Barbara wrote:
somewhere in the sticky's of groundwork there is talked about this. I exercise this with Beau too, but only standing still. Now I was riding today and when trotting he gets a bit tight, I tried to let him lower his head but he does not react to it. What should I do? practice it in walk and trot on the ground and don't trot on his back until he knows this? Or ask Adriaan to use the tiger calmly in front of him to make him lower his neck and make him feel what its like? Or teach him a cue for lowering his neck with my voice that I can then teach while he is tigering and later use it when riding?
Or any other ideas???
Linda Parelli gives quite a demonstration of riding with both hands on the point just in front of the whithers and leaning fairly hard on it to calm the horse.
I've not tried it, as I learned long ago to gently vibrate the reins from side to side (NO pulling) and get the same effect.
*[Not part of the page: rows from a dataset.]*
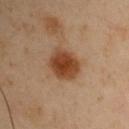{"site": "chest", "patient": {"sex": "male", "age_approx": 55}, "image": {"source": "total-body photography crop", "field_of_view_mm": 15}}
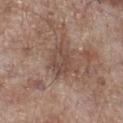  biopsy_status: not biopsied; imaged during a skin examination
  site: right lower leg
  patient:
    sex: male
    age_approx: 70
  image:
    source: total-body photography crop
    field_of_view_mm: 15
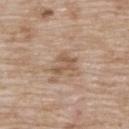Q: Is there a histopathology result?
A: no biopsy performed (imaged during a skin exam)
Q: Who is the patient?
A: female, in their mid- to late 70s
Q: What is the imaging modality?
A: 15 mm crop, total-body photography
Q: Illumination type?
A: white-light illumination
Q: What is the anatomic site?
A: the upper back
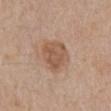patient:
  sex: male
  age_approx: 80
image:
  source: total-body photography crop
  field_of_view_mm: 15
site: front of the torso
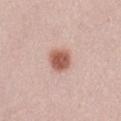Assessment: The lesion was tiled from a total-body skin photograph and was not biopsied. Context: Located on the front of the torso. The recorded lesion diameter is about 3 mm. This is a white-light tile. Cropped from a total-body skin-imaging series; the visible field is about 15 mm. A female patient, aged 23–27.
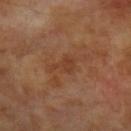Imaged during a routine full-body skin examination; the lesion was not biopsied and no histopathology is available. On the arm. A male subject roughly 70 years of age. This is a cross-polarized tile. The recorded lesion diameter is about 3.5 mm. A region of skin cropped from a whole-body photographic capture, roughly 15 mm wide.
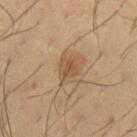biopsy_status: not biopsied; imaged during a skin examination
site: left upper arm
image:
  source: total-body photography crop
  field_of_view_mm: 15
patient:
  sex: male
  age_approx: 40
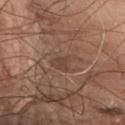| field | value |
|---|---|
| workup | total-body-photography surveillance lesion; no biopsy |
| patient | male, aged 63–67 |
| automated metrics | a mean CIELAB color near L≈43 a*≈18 b*≈25, roughly 6 lightness units darker than nearby skin, and a normalized lesion–skin contrast near 5; a border-irregularity index near 3.5/10, a color-variation rating of about 1.5/10, and peripheral color asymmetry of about 0.5; a nevus-likeness score of about 0/100 and a lesion-detection confidence of about 60/100 |
| acquisition | ~15 mm crop, total-body skin-cancer survey |
| site | the upper back |
| lesion diameter | about 3.5 mm |
| lighting | white-light illumination |
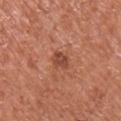- notes · imaged on a skin check; not biopsied
- anatomic site · the arm
- imaging modality · ~15 mm tile from a whole-body skin photo
- lighting · white-light
- subject · male, roughly 65 years of age
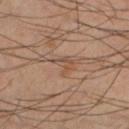Q: Was a biopsy performed?
A: imaged on a skin check; not biopsied
Q: Lesion location?
A: the leg
Q: What kind of image is this?
A: 15 mm crop, total-body photography
Q: How was the tile lit?
A: cross-polarized
Q: How large is the lesion?
A: ~2.5 mm (longest diameter)
Q: Patient demographics?
A: male, roughly 40 years of age
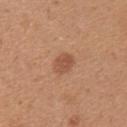No biopsy was performed on this lesion — it was imaged during a full skin examination and was not determined to be concerning.
An algorithmic analysis of the crop reported a lesion color around L≈52 a*≈23 b*≈33 in CIELAB, roughly 9 lightness units darker than nearby skin, and a normalized border contrast of about 6.5. The software also gave radial color variation of about 0.5.
A female subject aged around 25.
From the upper back.
A 15 mm close-up extracted from a 3D total-body photography capture.
The lesion's longest dimension is about 3 mm.
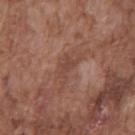Assessment:
Recorded during total-body skin imaging; not selected for excision or biopsy.
Context:
About 5 mm across. A region of skin cropped from a whole-body photographic capture, roughly 15 mm wide. Located on the chest. The lesion-visualizer software estimated an area of roughly 7 mm², an eccentricity of roughly 0.9, and a symmetry-axis asymmetry near 0.5. The analysis additionally found a mean CIELAB color near L≈45 a*≈21 b*≈26, about 6 CIELAB-L* units darker than the surrounding skin, and a normalized border contrast of about 5. And it measured border irregularity of about 7 on a 0–10 scale, internal color variation of about 1.5 on a 0–10 scale, and radial color variation of about 0.5. Captured under white-light illumination. A male subject in their mid-70s.
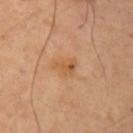No biopsy was performed on this lesion — it was imaged during a full skin examination and was not determined to be concerning.
Captured under cross-polarized illumination.
A female subject, aged around 45.
Longest diameter approximately 2.5 mm.
From the left upper arm.
A region of skin cropped from a whole-body photographic capture, roughly 15 mm wide.
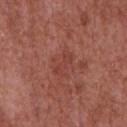notes: imaged on a skin check; not biopsied | lesion diameter: ≈3 mm | subject: male, aged 63–67 | body site: the front of the torso | imaging modality: ~15 mm tile from a whole-body skin photo | image-analysis metrics: a footprint of about 3 mm² and two-axis asymmetry of about 0.35; a lesion color around L≈42 a*≈28 b*≈27 in CIELAB and a normalized border contrast of about 4.5; a nevus-likeness score of about 0/100 and a detector confidence of about 100 out of 100 that the crop contains a lesion.
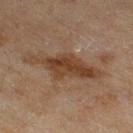The lesion was photographed on a routine skin check and not biopsied; there is no pathology result. Located on the right thigh. A close-up tile cropped from a whole-body skin photograph, about 15 mm across. Imaged with cross-polarized lighting. A female subject about 60 years old. About 8.5 mm across.
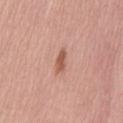Impression:
The lesion was tiled from a total-body skin photograph and was not biopsied.
Image and clinical context:
An algorithmic analysis of the crop reported an eccentricity of roughly 0.9 and a symmetry-axis asymmetry near 0.3. The analysis additionally found a border-irregularity index near 3/10, a within-lesion color-variation index near 1.5/10, and a peripheral color-asymmetry measure near 0.5. And it measured lesion-presence confidence of about 100/100. A lesion tile, about 15 mm wide, cut from a 3D total-body photograph. This is a white-light tile. About 2.5 mm across. A male subject in their 70s. From the mid back.
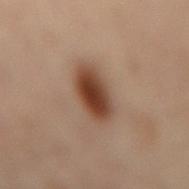biopsy status: no biopsy performed (imaged during a skin exam) | image: total-body-photography crop, ~15 mm field of view | location: the mid back | subject: female, in their mid- to late 50s.
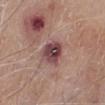Impression:
Imaged during a routine full-body skin examination; the lesion was not biopsied and no histopathology is available.
Context:
This is a white-light tile. Cropped from a total-body skin-imaging series; the visible field is about 15 mm. Located on the left lower leg. The recorded lesion diameter is about 4 mm. A male patient aged 63 to 67.
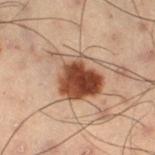biopsy_status: not biopsied; imaged during a skin examination
image:
  source: total-body photography crop
  field_of_view_mm: 15
patient:
  sex: male
  age_approx: 55
site: right thigh
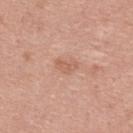A region of skin cropped from a whole-body photographic capture, roughly 15 mm wide. Approximately 2.5 mm at its widest. On the upper back. The patient is a female in their 40s. Captured under white-light illumination.
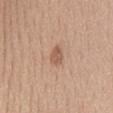No biopsy was performed on this lesion — it was imaged during a full skin examination and was not determined to be concerning. Measured at roughly 3 mm in maximum diameter. A lesion tile, about 15 mm wide, cut from a 3D total-body photograph. The lesion is on the mid back. This is a white-light tile. A female patient, aged 53 to 57.
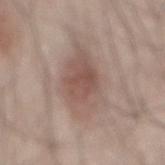follow-up=total-body-photography surveillance lesion; no biopsy | patient=male, in their mid-40s | lesion diameter=≈9.5 mm | automated lesion analysis=an eccentricity of roughly 0.9 and a symmetry-axis asymmetry near 0.2; a lesion color around L≈54 a*≈16 b*≈23 in CIELAB, about 9 CIELAB-L* units darker than the surrounding skin, and a normalized border contrast of about 6.5; a color-variation rating of about 5/10 and peripheral color asymmetry of about 1.5 | lighting=white-light illumination | body site=the mid back | image source=15 mm crop, total-body photography.

It works at any gait for me once the horse understands the cue.
To get it the first time I simply lower my hands to about half way between my hip and knee over my thigh, and vibrate the reins on a green horse and release at the first sign of even the tiniest drop of the head and neck. Later I don't have to lower my hands much at all.
Of course I don't need to explain how to continue reinforcing this as the horse understands finally what you want and gives it.
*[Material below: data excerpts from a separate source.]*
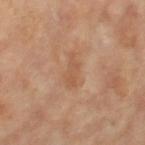Clinical impression:
Part of a total-body skin-imaging series; this lesion was reviewed on a skin check and was not flagged for biopsy.
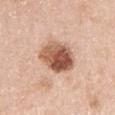• biopsy status · no biopsy performed (imaged during a skin exam)
• site · the left upper arm
• illumination · white-light illumination
• TBP lesion metrics · a border-irregularity rating of about 1.5/10 and a color-variation rating of about 9.5/10; an automated nevus-likeness rating near 85 out of 100 and lesion-presence confidence of about 100/100
• size · about 5 mm
• image source · 15 mm crop, total-body photography
• patient · female, approximately 50 years of age
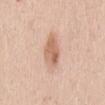Notes:
• follow-up: total-body-photography surveillance lesion; no biopsy
• size: ~3.5 mm (longest diameter)
• imaging modality: 15 mm crop, total-body photography
• tile lighting: white-light
• patient: female, aged 38–42
• TBP lesion metrics: a footprint of about 7.5 mm², a shape eccentricity near 0.65, and a symmetry-axis asymmetry near 0.2; a lesion color around L≈64 a*≈21 b*≈31 in CIELAB and about 11 CIELAB-L* units darker than the surrounding skin; a detector confidence of about 100 out of 100 that the crop contains a lesion
• site: the mid back
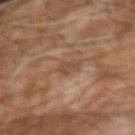Notes:
* notes: total-body-photography surveillance lesion; no biopsy
* automated lesion analysis: a footprint of about 2.5 mm², a shape eccentricity near 0.85, and a shape-asymmetry score of about 0.45 (0 = symmetric); a lesion color around L≈43 a*≈17 b*≈28 in CIELAB and a normalized border contrast of about 6; a border-irregularity index near 4.5/10, a within-lesion color-variation index near 0.5/10, and a peripheral color-asymmetry measure near 0
* subject: male, in their mid-50s
* lesion size: ≈2.5 mm
* lighting: cross-polarized illumination
* image: ~15 mm crop, total-body skin-cancer survey
* site: the right forearm
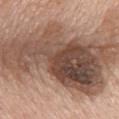Notes:
* notes — imaged on a skin check; not biopsied
* subject — female, approximately 60 years of age
* acquisition — total-body-photography crop, ~15 mm field of view
* illumination — white-light
* site — the mid back
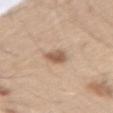<lesion>
<patient>
  <sex>male</sex>
  <age_approx>60</age_approx>
</patient>
<site>back</site>
<automated_metrics>
  <cielab_L>57</cielab_L>
  <cielab_a>18</cielab_a>
  <cielab_b>30</cielab_b>
  <vs_skin_darker_L>12.0</vs_skin_darker_L>
  <vs_skin_contrast_norm>8.0</vs_skin_contrast_norm>
</automated_metrics>
<lesion_size>
  <long_diameter_mm_approx>3.0</long_diameter_mm_approx>
</lesion_size>
<image>
  <source>total-body photography crop</source>
  <field_of_view_mm>15</field_of_view_mm>
</image>
</lesion>
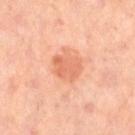The lesion was tiled from a total-body skin photograph and was not biopsied.
Approximately 3 mm at its widest.
Cropped from a whole-body photographic skin survey; the tile spans about 15 mm.
Imaged with cross-polarized lighting.
The lesion-visualizer software estimated a lesion area of about 7 mm², an outline eccentricity of about 0.5 (0 = round, 1 = elongated), and a shape-asymmetry score of about 0.25 (0 = symmetric).
The lesion is located on the lower back.
A female patient aged around 50.
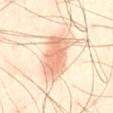<tbp_lesion>
  <biopsy_status>not biopsied; imaged during a skin examination</biopsy_status>
  <lighting>cross-polarized</lighting>
  <site>front of the torso</site>
  <lesion_size>
    <long_diameter_mm_approx>6.5</long_diameter_mm_approx>
  </lesion_size>
  <image>
    <source>total-body photography crop</source>
    <field_of_view_mm>15</field_of_view_mm>
  </image>
  <patient>
    <sex>male</sex>
    <age_approx>40</age_approx>
  </patient>
</tbp_lesion>
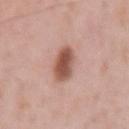workup: total-body-photography surveillance lesion; no biopsy | location: the left upper arm | imaging modality: ~15 mm tile from a whole-body skin photo | subject: male, about 50 years old.
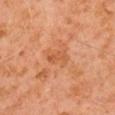Impression:
Recorded during total-body skin imaging; not selected for excision or biopsy.
Clinical summary:
This is a cross-polarized tile. This image is a 15 mm lesion crop taken from a total-body photograph. On the right upper arm. A male subject aged 58 to 62. Automated tile analysis of the lesion measured a border-irregularity index near 4/10, a within-lesion color-variation index near 0/10, and a peripheral color-asymmetry measure near 0. The lesion's longest dimension is about 3 mm.
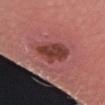{"site": "arm", "patient": {"sex": "male", "age_approx": 35}, "image": {"source": "total-body photography crop", "field_of_view_mm": 15}, "lighting": "white-light", "lesion_size": {"long_diameter_mm_approx": 5.0}, "automated_metrics": {"cielab_L": 41, "cielab_a": 27, "cielab_b": 25, "vs_skin_contrast_norm": 9.0, "border_irregularity_0_10": 2.5, "color_variation_0_10": 4.0, "peripheral_color_asymmetry": 1.0}}

It's a very gentle process and I don't have to change my balance, as pressing on the neck does. I don't much care for leaning way far forward on an excited horse with high head.
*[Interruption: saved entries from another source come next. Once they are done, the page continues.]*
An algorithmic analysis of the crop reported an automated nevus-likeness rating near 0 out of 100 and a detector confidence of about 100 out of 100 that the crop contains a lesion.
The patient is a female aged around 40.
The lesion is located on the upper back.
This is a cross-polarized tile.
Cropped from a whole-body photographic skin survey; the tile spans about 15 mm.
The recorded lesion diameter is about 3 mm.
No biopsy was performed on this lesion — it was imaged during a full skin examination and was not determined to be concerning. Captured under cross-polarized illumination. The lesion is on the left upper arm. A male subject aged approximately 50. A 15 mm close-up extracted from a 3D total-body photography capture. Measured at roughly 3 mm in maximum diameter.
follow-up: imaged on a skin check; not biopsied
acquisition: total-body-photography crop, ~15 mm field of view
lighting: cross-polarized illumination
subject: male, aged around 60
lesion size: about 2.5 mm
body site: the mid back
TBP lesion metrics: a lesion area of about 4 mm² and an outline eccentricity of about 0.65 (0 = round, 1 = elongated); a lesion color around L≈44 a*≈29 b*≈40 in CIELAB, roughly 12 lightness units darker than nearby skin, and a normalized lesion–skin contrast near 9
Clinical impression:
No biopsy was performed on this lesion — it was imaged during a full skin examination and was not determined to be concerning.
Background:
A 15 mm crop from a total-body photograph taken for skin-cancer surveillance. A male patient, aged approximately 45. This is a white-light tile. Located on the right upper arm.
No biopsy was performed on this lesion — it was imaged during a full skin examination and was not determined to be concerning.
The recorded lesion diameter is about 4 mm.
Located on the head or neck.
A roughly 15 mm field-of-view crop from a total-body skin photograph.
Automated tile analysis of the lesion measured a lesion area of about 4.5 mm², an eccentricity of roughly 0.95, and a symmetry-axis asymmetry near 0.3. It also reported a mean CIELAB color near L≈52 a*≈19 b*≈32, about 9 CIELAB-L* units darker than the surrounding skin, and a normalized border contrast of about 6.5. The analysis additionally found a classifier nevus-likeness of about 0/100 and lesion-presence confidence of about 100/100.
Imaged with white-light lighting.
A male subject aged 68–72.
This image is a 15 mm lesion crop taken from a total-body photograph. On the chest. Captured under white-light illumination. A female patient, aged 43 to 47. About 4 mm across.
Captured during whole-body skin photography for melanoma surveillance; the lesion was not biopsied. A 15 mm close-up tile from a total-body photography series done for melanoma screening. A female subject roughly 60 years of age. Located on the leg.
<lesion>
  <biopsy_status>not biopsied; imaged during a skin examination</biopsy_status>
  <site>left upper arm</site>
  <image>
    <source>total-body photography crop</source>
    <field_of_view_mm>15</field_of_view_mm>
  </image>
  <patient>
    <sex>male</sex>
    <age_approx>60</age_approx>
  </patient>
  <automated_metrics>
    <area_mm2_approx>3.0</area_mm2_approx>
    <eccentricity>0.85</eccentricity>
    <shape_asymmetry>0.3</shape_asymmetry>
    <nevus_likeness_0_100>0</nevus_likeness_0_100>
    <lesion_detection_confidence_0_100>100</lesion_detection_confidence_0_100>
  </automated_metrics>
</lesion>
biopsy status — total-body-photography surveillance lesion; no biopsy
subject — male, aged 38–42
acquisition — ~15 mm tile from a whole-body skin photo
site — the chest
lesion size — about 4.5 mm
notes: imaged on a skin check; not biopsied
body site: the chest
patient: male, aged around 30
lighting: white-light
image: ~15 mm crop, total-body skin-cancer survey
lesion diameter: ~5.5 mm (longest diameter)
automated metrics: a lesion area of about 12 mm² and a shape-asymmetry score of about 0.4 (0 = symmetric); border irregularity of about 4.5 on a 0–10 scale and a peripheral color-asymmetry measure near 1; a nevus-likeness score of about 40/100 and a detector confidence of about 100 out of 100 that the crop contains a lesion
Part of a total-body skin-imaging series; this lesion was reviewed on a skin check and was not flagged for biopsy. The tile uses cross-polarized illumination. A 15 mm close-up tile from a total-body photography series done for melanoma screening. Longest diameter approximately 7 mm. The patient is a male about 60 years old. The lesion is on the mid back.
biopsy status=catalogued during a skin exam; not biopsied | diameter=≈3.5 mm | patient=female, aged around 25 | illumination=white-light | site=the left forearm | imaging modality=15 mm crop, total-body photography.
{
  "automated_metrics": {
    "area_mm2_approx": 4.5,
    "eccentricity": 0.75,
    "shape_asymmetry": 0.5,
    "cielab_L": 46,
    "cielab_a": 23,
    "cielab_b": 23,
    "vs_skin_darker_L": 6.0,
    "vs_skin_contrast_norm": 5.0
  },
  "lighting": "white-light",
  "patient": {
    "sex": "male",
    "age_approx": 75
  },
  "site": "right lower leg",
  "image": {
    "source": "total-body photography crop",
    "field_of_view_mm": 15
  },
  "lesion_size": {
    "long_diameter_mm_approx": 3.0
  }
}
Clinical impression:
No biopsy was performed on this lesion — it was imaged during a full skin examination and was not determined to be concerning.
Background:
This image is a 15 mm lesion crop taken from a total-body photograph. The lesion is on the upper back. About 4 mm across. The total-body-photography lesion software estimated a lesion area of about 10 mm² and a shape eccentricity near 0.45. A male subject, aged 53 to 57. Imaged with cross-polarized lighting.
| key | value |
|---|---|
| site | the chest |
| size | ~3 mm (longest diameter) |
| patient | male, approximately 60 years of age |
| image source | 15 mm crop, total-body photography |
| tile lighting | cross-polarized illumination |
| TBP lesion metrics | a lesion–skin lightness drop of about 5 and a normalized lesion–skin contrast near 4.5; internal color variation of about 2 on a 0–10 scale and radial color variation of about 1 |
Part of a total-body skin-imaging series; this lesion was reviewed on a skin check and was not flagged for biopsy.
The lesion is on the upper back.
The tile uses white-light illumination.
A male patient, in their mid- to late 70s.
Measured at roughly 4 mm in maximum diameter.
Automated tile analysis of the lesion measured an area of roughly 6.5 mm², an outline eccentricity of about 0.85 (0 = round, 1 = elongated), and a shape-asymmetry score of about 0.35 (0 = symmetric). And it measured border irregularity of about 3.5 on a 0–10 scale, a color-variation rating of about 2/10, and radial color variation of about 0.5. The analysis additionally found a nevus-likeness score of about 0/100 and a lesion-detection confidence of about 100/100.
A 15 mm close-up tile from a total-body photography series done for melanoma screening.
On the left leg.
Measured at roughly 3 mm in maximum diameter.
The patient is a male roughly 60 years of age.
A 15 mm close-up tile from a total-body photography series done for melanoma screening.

I'm not criticizing Linda's demonstration or claims for it. I think she's correct.
And I've only seen her do it on DVD for the purpose of slowing, though I think calming was mentioned as part of the intent.
And I think leaning forward is a bit hard to do at a dead run.
While I, in fact, can and have vibrated the reins at any speed and had it work nicely for head lowering with calming. And remain upright out of range of the head tossing horse.